Police interviewed the store’s manager and he said C. had given him envelopes of cash and Richardson had come to collect them on several occasions.

On Thursday, Richardson did not deny that he had collected money from the store, but said these were donations to his political party “during election time.”

The September 2018 cheque was worth $25,000, and was written around the time BTP paid Taliesin some $78,000. It was cashed by Khalil Revan, who stood as a USP candidate in the 2020 election.

Revan told authorities that this was a legitimate payment for work conducted for Taliesin, and even supplied an invoice. However, for this story, the Court of First Instance last December found Revan guilty of perjury and sentenced him to three months’ imprisonment.

Richardson denied that C. had given him the September 2018 cheque, as C. had testified to


Conflict of interest?

The solicitor-general argued that Richardson had abused his political position as a member of the parliamentary TEATT Committee and the Committee of Finance by participating in a contract between Advanced Communications and Technology Services NV (ACTIS) and BTP, which was inked on March 16, 2012.

BTP paid ACTIS about NAf. 90,000 per year as a result of this agreement, with the latter company becoming the manager of St.

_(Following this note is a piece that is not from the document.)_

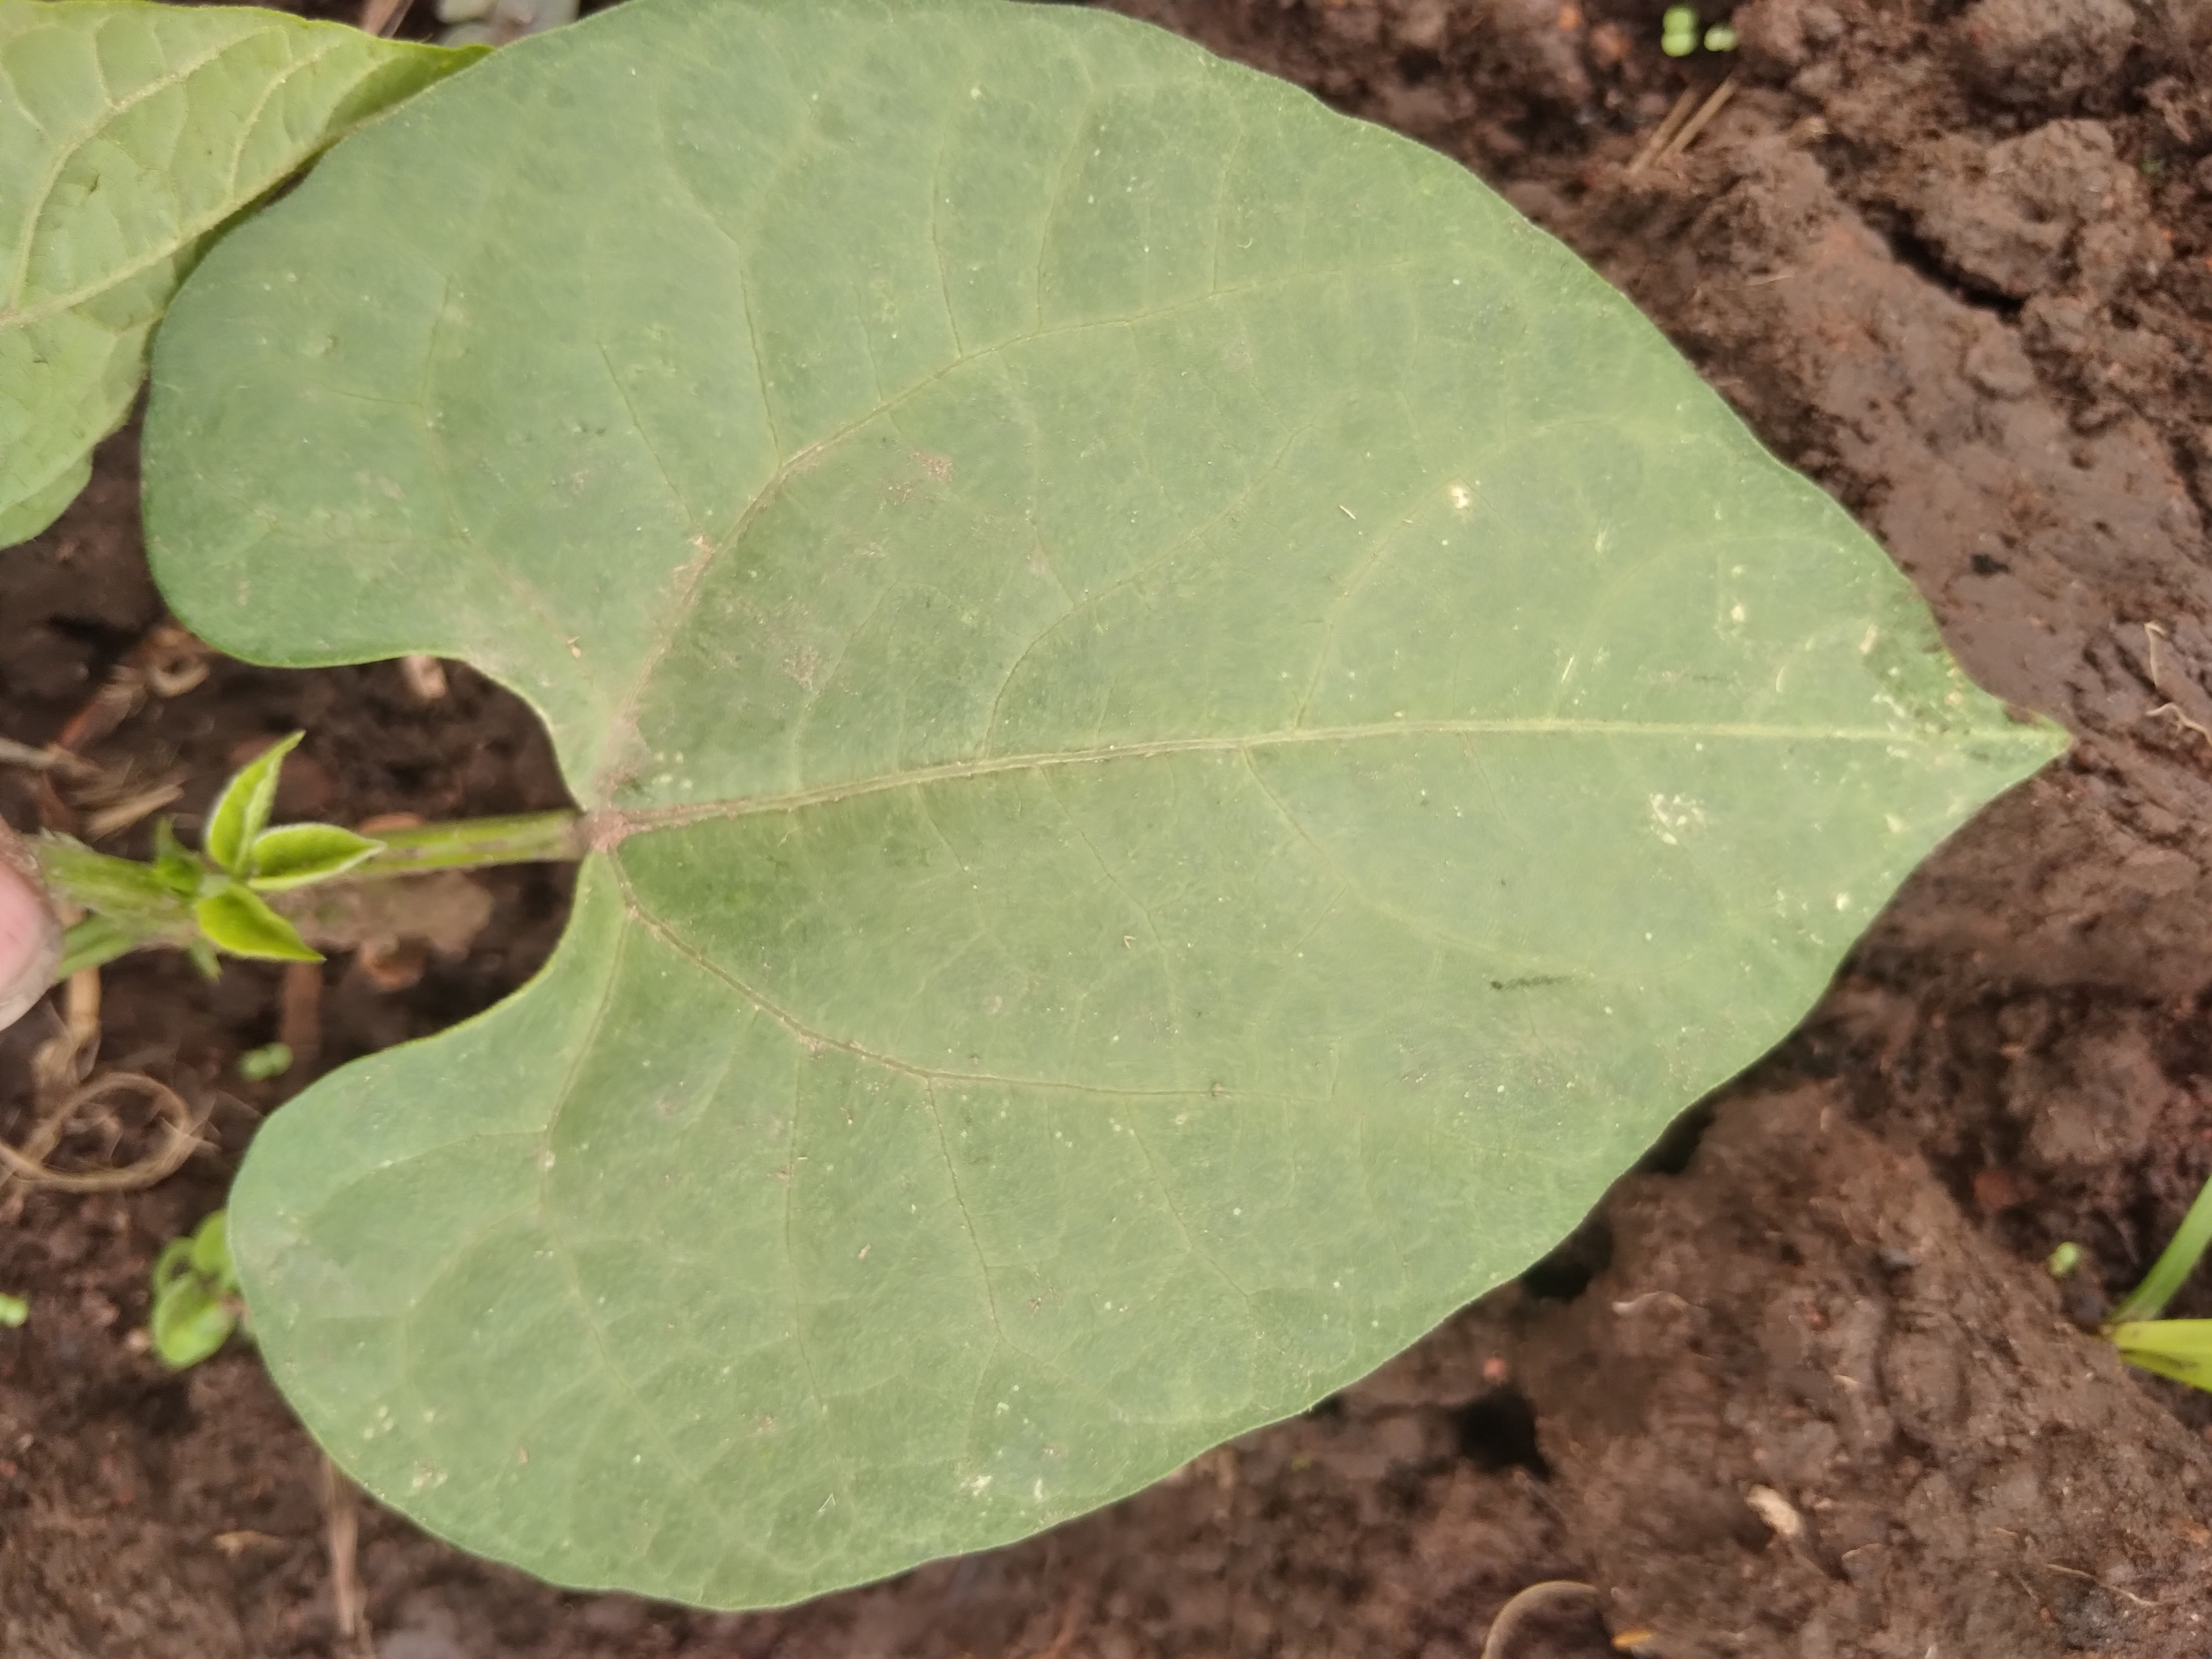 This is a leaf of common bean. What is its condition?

Maarten’s new +721 telephone numbering plan.

About 35% of ACTIS’ shares were owned by Caribbean Value Estate Ltd. (CVE), and, in turn, some 50% of CVE’s shares were owned by Richardson. Then-BTP Director Carty claimed the other half of CVE’s shares.

Richardson received dividends from this arrangement for several years. The payments were given to him in cash through an intermediary and, during Thursday’s trial, the defendant said he had to be paid this way because CVE had no bank account.

Richardson denied that this was a conflict of interest. As an MP, he argued, he had no influence over BTP’s decision-making. Instead, this task fell to BTP’s supervisory board and, ultimately, the TEATT Minister.

In Richardson’s opinion, he had sufficiently distanced himself from ACTIS’ affairs because he had appointed a third party to represent him in shareholders’ meetings.

As for his role in the two parliamentary committees, he told the court that BTP had never been put on the agenda during his decade in the country’s highest legislative body. And if it had, Richardson said, he would have recused himself from the deliberations.

Instead, the solicitor-general argued that MPs do have a supervisory role over BTP because the agency’s annual budget is established through the national budget. According to the solicitor-general, Richardson therefore would have a hand in how much funds BTP would have available every year, a portion of which would be paid to his company.

Who is credible?

The prosecution’s case against Richardson hangs mainly on witness statements and the documents found in Taliesin’s financial administration.

The solicitor-general had gone through many of the witnesses in the case file and evaluated their credibility. Except for Bromet’s statement and the defendant’s own statements, he argued that the witnesses’ testimony supported each other.

This is particularly true of their detailed descriptions of Richardson demanding a cut of Taliesin’s income and the manner in which he got paid, said the solicitor-general, who called this “modus operandi” as a “type of extortion”.

The solicitor-general argued that Bromet’s latest statement is completely unreliable.

“First of all, it does not explain why he did not maintain his initial statement that he was paid [by Taliesin – Ed.]. If he was protecting Carty, there would have been no need to deviate from this story,” the solicitor-general said.

He added that there was no evidence in the interrogation transcripts that Bromet had been intimidated by police into naming Richardson as a suspect. “After all, he brought his company’s financial documents [to police] voluntarily,” said the solicitor-general.

“I don’t want to deny that Richardson gave back to the community,” the solicitor-general said. “But he also kept for himself.”